Les Habits Noirs Tome I

Электронная книга - «Les Habits Noirs Tome I». Краткое содержание книги:

Ce cycle de huit romans, publiés de 1863 à 1875, est à rapprocher de la série des Rocambole de Ponson du Terrail, qui connaissait un grand succès depuis 1857. Il a été popularisé par une série télévisuelle datant de 1967, du temps de l'ORTF… Les «Habits noirs» est le signe de l'appartenance aux classes «élevées» de la société et en même temps le surnom donné à une bande criminelle réelle qui agissait à Paris dans les années 1830, et qui fut jugée lors d'un procès à sensation en 1845. Ce surnom, les membres de la bande l'avaient acquis en raison de leurs manières raffinées et de l'apparence de respectabilité qu'ils avaient endossée.
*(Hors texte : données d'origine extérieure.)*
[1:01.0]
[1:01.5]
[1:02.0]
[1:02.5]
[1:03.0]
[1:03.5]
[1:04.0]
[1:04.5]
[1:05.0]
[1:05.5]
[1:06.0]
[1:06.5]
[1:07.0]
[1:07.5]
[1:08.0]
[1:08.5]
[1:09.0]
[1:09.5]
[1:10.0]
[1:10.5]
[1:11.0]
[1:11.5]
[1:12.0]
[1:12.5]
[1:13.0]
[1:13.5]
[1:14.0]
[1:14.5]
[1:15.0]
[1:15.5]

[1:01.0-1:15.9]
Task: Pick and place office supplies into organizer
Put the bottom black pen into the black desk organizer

Ainsi est doublement mise en avant par Féval l'hypocrisie sociale, l'éternelle comédie grinçante d'une société pervertie par l'absence de valeurs, où le crime règne sous le masque même de la loi et de l'ordre, les rongeant ainsi de l'intérieur.
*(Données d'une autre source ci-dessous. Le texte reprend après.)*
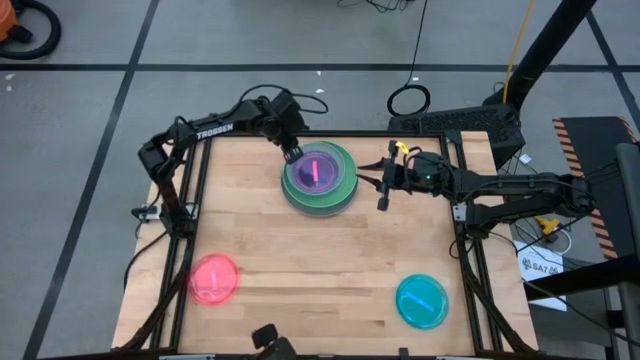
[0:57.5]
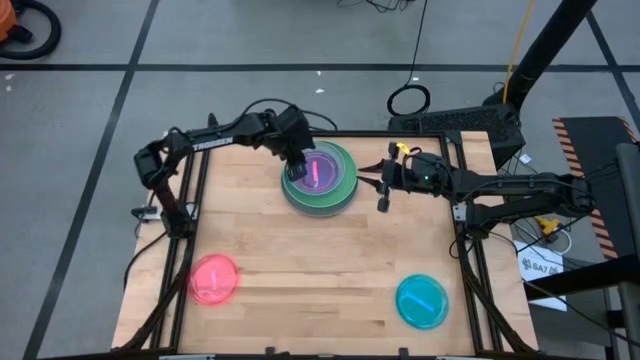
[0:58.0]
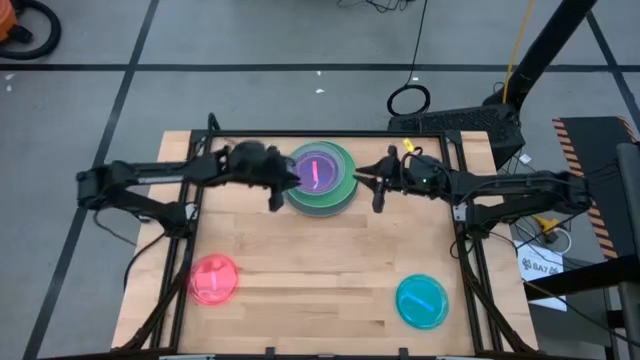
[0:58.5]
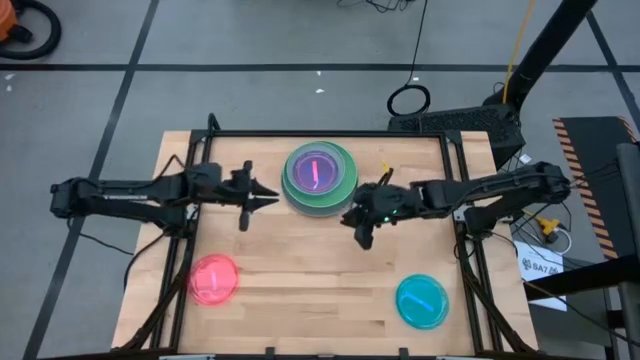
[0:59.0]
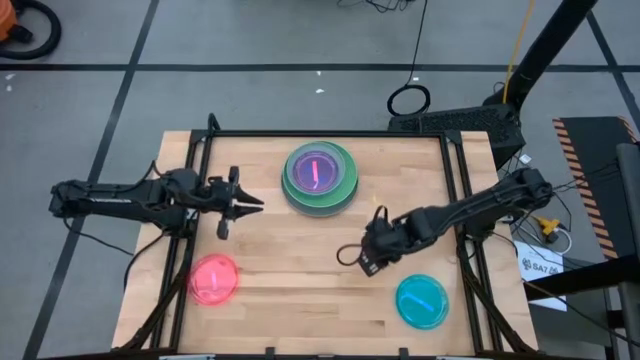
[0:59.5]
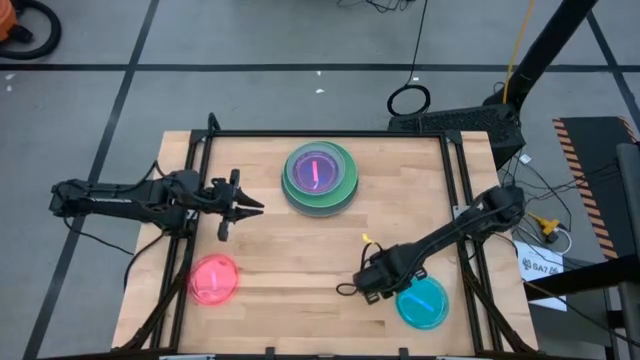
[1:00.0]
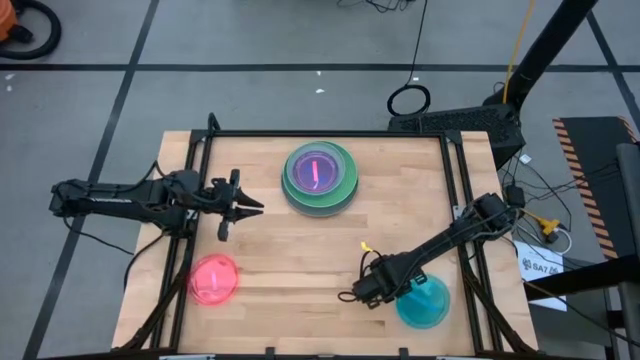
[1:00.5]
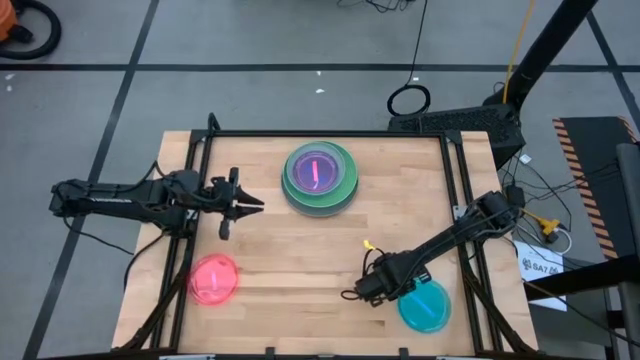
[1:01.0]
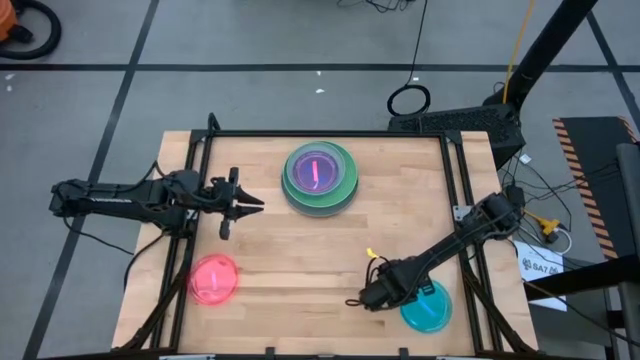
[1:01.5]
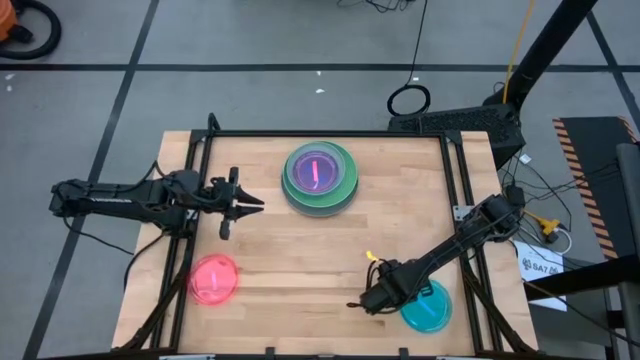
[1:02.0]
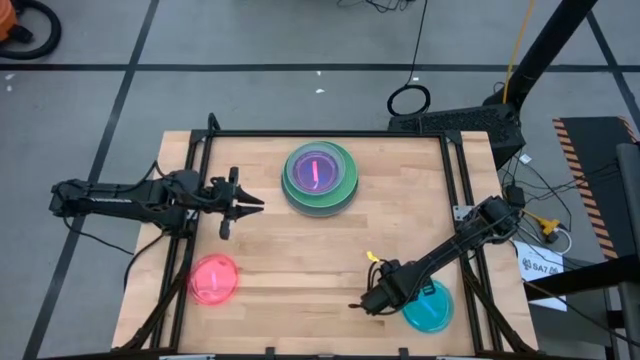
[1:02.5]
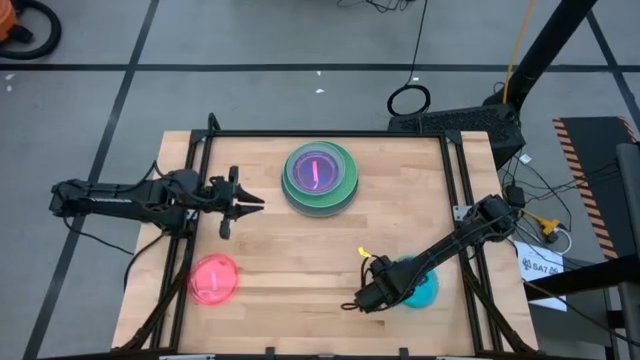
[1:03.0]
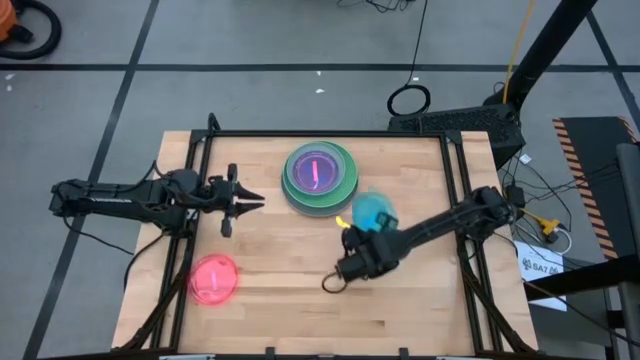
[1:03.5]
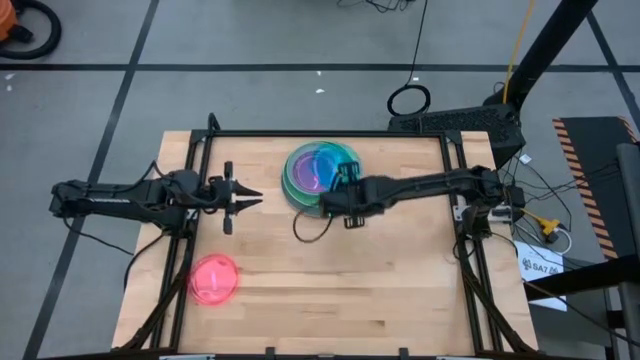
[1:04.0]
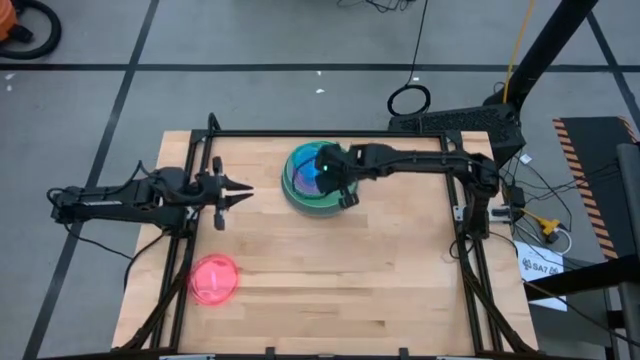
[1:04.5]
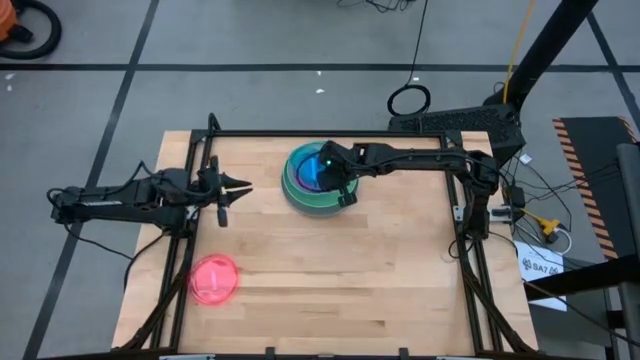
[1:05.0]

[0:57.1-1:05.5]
Task: Stack plastic plates
Stack the blue plate on the pink plate

La bande criminelle les «Habits Noirs», dirigée par Lecoq, le bras droit du colonel Bozzo-Corona, le «Maître à tous», organise le vol de la caisse du banquier Bancelle, en 1825, tout en montant une machination compliquée destinée à égarer la justice sur un faux coupable (manoeuvre que les Habits noirs appellent «payer la loi», et qu'ils renouvelleront à chaque épisode). Ce faux coupable est André Maynotte, sur lequel Lecoq satisfait ainsi une ancienne vengeance. André Maynotte est condamné, mais réussit à s'enfuir…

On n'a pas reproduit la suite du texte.